Stored entries:
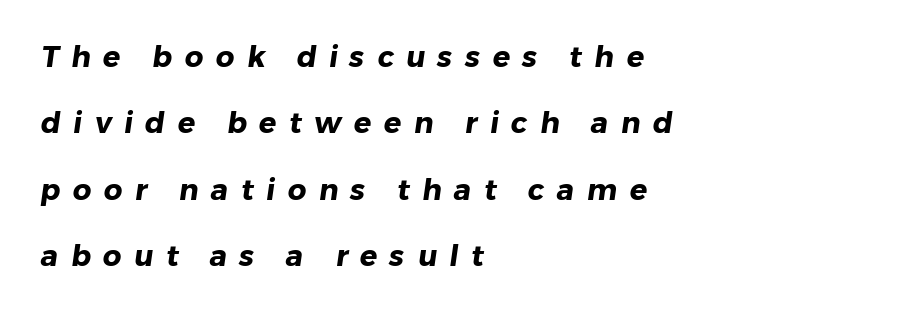
Q: Is the text bold? A: Yes.
Q: Is the typeface a serif or a sans-serif typeface? A: Sans-serif.
Q: Is the text underlined? A: No.
Q: How is the paragraph aligned? A: Left-aligned.
Q: Is the spacing between letters normal or unusually wide? A: Unusually wide.
Q: Is the spacing between lines tight, normal or loose? A: Loose.
Q: Width (condensed, normal, or wide)? A: Normal.
Q: Stroke contrast? A: Low.
Q: x-height? A: Medium.
Q: Monospaced? A: No.
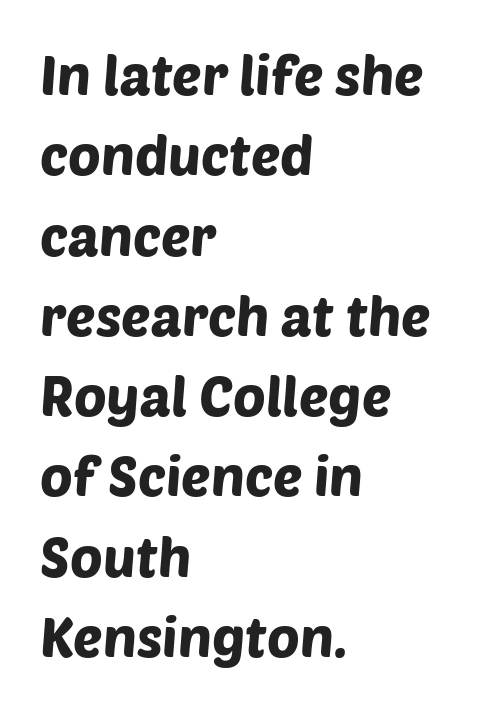
{"serif": "no", "width": "normal", "stroke_contrast": "low", "x_height": "large", "monospaced": "no", "underline": "no", "align": "left", "line_spacing": "normal", "line_spacing_ratio": 1.46, "letter_spacing": "normal", "letter_spacing_em": 0.0, "glyph_px": 55}
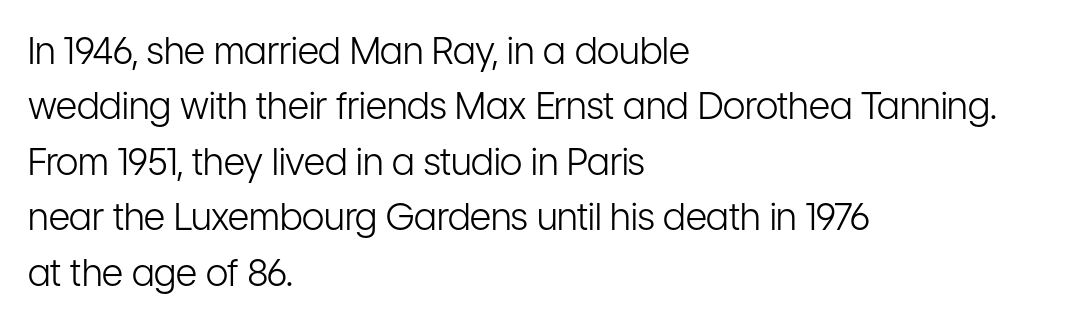
Any mark beneath the type? The region is blank. A classic flush-left, rag-right setting is used for this passage. The typeface chosen for these lines omits serifs. The line texture is even and compact thanks to regular tracking.
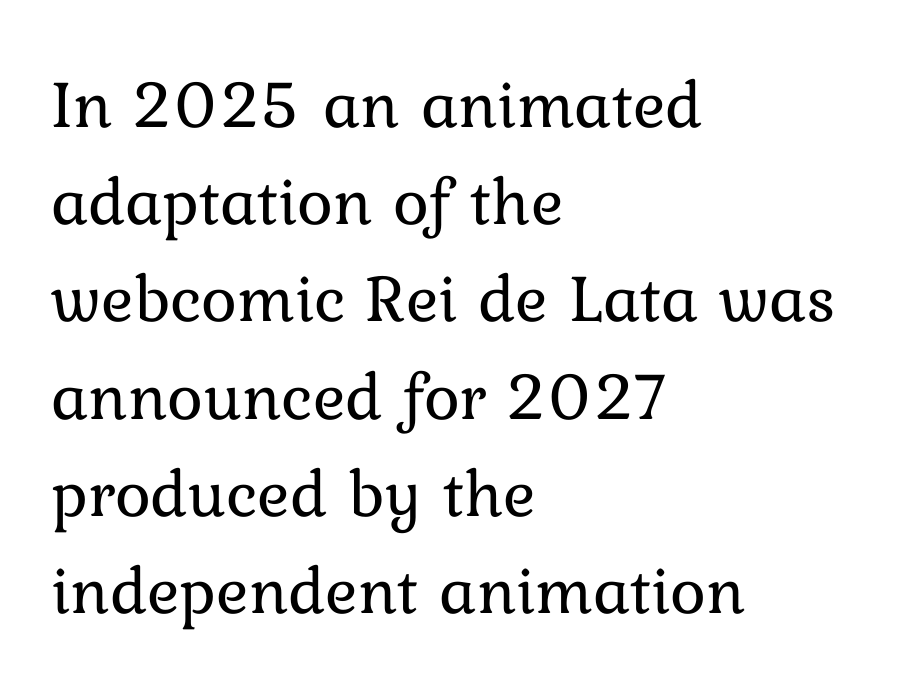
The image shows 68 px regular-weight type, upright; set left-aligned, normal line spacing (1.43x), normal letter spacing, not underlined; low stroke contrast and a medium x-height.
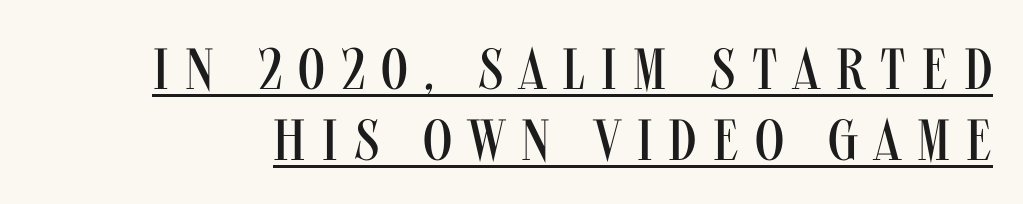
Q: Is the text bold? A: No.
Q: Is the text italic (slanted)? A: No, it is upright.
Q: Is the typeface a serif or a sans-serif typeface? A: Sans-serif.
Q: Is the text underlined? A: Yes.
Q: Is the spacing between letters normal or unusually wide? A: Unusually wide.
Q: Width (condensed, normal, or wide)? A: Condensed.
Q: Stroke contrast? A: Medium.
Q: x-height? A: Large.
Q: Monospaced? A: No.
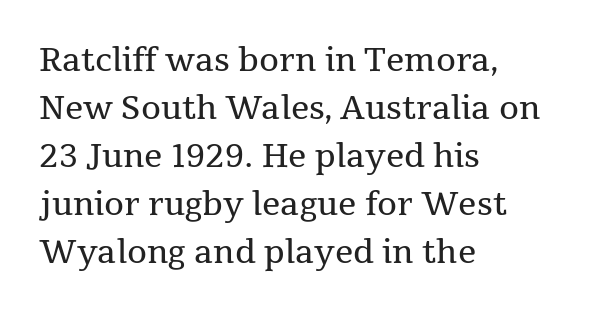
{"serif": "yes", "italic": "no", "bold": "no", "weight": "regular", "width": "normal", "stroke_contrast": "medium", "x_height": "medium", "monospaced": "no", "underline": "no", "align": "left", "line_spacing": "normal", "line_spacing_ratio": 1.5, "letter_spacing": "normal", "letter_spacing_em": 0.0, "glyph_px": 32}
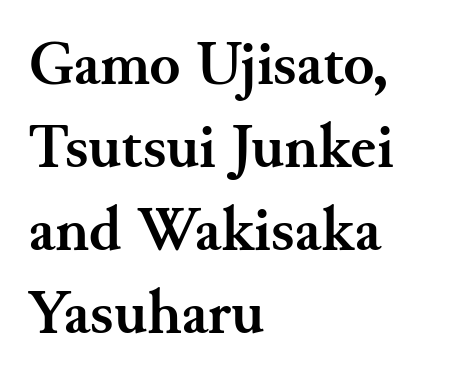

> [AIM OF THE TASK]
Check each line above for the string "lines" and copy the ones that have it.

> [EXPECTED ANSWER]
Q: Is the spacing between lines tight, normal or loose? A: Loose.
Any mark beneath the type? The region is blank. A classic flush-left, rag-right setting is used for this passage. The typeface chosen for these lines omits serifs. The line texture is even and compact thanks to regular tracking.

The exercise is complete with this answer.